ケータイ・スマホを持ち始める年齢が下がるとともに、保護者は新しい問題に直面せざるを得なくなってきています。「スマホ事件簿」でおなじみのITジャーナリスト・高橋暁子さんによる連載「Q&A 子どもとネット いい関係」では、ネットやスマホ周辺におけるよくある疑問や悩みをデータとともに取り上げ、それに対する回答を模索していきます。

Q. 子どもに持たせる端末には何を選ぶべき?

災害時の緊急連絡用や両親が仕事をしているなどの理由で、子どもに携帯電話やスマートフォンを持たせることを検討している方もいるだろう。子どもには一体どのような端末を持たせるべきなのだろうか。子どもの利用実態とともに、安全利用の観点から使いやすい端末を考えていきたい。

小学生の3割が携帯電話・スマホを所持

 子どものインターネット接続機器の利用状況はどうなっているのだろうか。10~17歳の子どもを持つ保護者を対象とした内閣府の「平成27年度青少年のインターネット利用環境実態調査報告書」(平成28年3月)を見てみよう。

 子どもの利用率は、スマートフォンは48.7%、いわゆる格安スマートフォンは1.6%、機能限定スマートフォンや子ども向けスマートフォンは1.4%、携帯電話の契約が切れたスマートフォンは4.9%だった。
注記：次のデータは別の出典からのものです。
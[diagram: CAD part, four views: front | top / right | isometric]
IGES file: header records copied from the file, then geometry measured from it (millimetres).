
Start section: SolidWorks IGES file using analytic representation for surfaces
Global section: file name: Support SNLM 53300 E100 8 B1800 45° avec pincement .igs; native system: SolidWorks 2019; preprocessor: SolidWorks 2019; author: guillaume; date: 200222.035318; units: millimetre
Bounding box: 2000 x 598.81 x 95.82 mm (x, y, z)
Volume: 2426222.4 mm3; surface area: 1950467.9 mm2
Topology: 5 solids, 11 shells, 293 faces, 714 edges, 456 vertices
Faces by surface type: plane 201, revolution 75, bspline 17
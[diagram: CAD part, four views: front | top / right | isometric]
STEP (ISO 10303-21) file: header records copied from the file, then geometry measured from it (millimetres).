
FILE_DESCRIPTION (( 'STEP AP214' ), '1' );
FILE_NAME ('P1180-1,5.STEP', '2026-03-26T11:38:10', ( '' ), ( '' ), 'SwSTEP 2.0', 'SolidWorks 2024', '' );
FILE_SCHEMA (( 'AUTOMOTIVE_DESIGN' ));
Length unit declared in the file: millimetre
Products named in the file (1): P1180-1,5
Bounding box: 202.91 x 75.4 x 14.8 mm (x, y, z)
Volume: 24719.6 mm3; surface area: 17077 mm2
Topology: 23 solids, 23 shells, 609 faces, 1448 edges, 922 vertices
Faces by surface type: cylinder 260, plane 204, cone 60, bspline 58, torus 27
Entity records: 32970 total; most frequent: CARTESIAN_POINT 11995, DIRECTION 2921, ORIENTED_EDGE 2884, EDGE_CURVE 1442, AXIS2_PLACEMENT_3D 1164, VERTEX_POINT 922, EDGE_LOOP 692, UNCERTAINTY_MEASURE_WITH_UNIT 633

54.9%がいずれか一つ以上のスマートフォンを利用していることが分かった。携帯電話は9.3%、機能限定携帯電話や子ども向け携帯電話は9.6%。その他携帯ゲーム機、据置型ゲーム機ノートパソコンや携帯音楽プレイヤー、タブレットなどが並ぶ。

 つまり、約半数がスマートフォンなどを利用できる環境にいるわけだ。そして、約10%が機能を限定した端末や子ども向け端末を持っているということになる。中高生も含めた調査ということを考えると、機能限定端末や子ども向け端末の利用率は高いと考えられるのではないか。

 上記調査は保護者の端末が利用できる場合も含まれている。では、小学生はどのような端末を所持しているのだろうか。
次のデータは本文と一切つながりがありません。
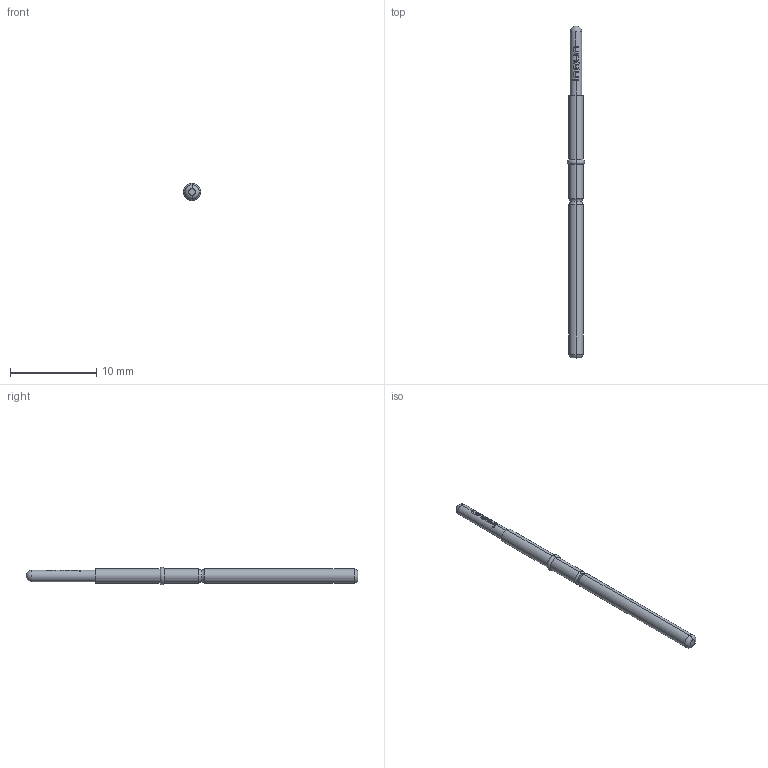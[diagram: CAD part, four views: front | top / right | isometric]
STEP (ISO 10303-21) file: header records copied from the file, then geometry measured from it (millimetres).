
FILE_DESCRIPTION (( 'STEP AP203' ), '1' );
FILE_NAME ('INGUN_GKS-422_305_130_A_xx08.STEP', '2020-09-15T15:32:08', ( '' ), ( '' ), 'SwSTEP 2.0', 'SolidWorks 2018', '' );
FILE_SCHEMA (( 'CONFIG_CONTROL_DESIGN' ));
Length unit declared in the file: millimetre
Products named in the file (1): INGUN_GKS-422_305_130_A_xx08
Bounding box: 2 x 38.4 x 2 mm (x, y, z)
Volume: 75.5 mm3; surface area: 194 mm2
Topology: 1 solids, 1 shells, 100 faces, 279 edges, 182 vertices
Faces by surface type: plane 42, cylinder 27, bspline 22, torus 8, sphere 1
Entity records: 4235 total; most frequent: CARTESIAN_POINT 2093, ORIENTED_EDGE 552, EDGE_CURVE 276, DIRECTION 240, B_SPLINE_CURVE_WITH_KNOTS 222, VERTEX_POINT 180, AXIS2_PLACEMENT_3D 107, EDGE_LOOP 102

 ICT総研の小学生の子どもを持つ保護者を対象とした「小学生のスマートフォン利用実態調査」(2015年1月)によると、小学生のうち「従来型携帯電話(ガラケー)を利用させている」は27.2%、「スマートフォンを利用させている」は5.6%であり、合わせて32.8%が子どもに携帯電話・スマートフォンを利用させていた。携帯電話を利用する小学生に占めるスマートフォン利用者の比率は16.9%であり、およそ6人に1人という割合になった。実際に子どもがスマートフォンを所持している割合はまだ多くはないようだ。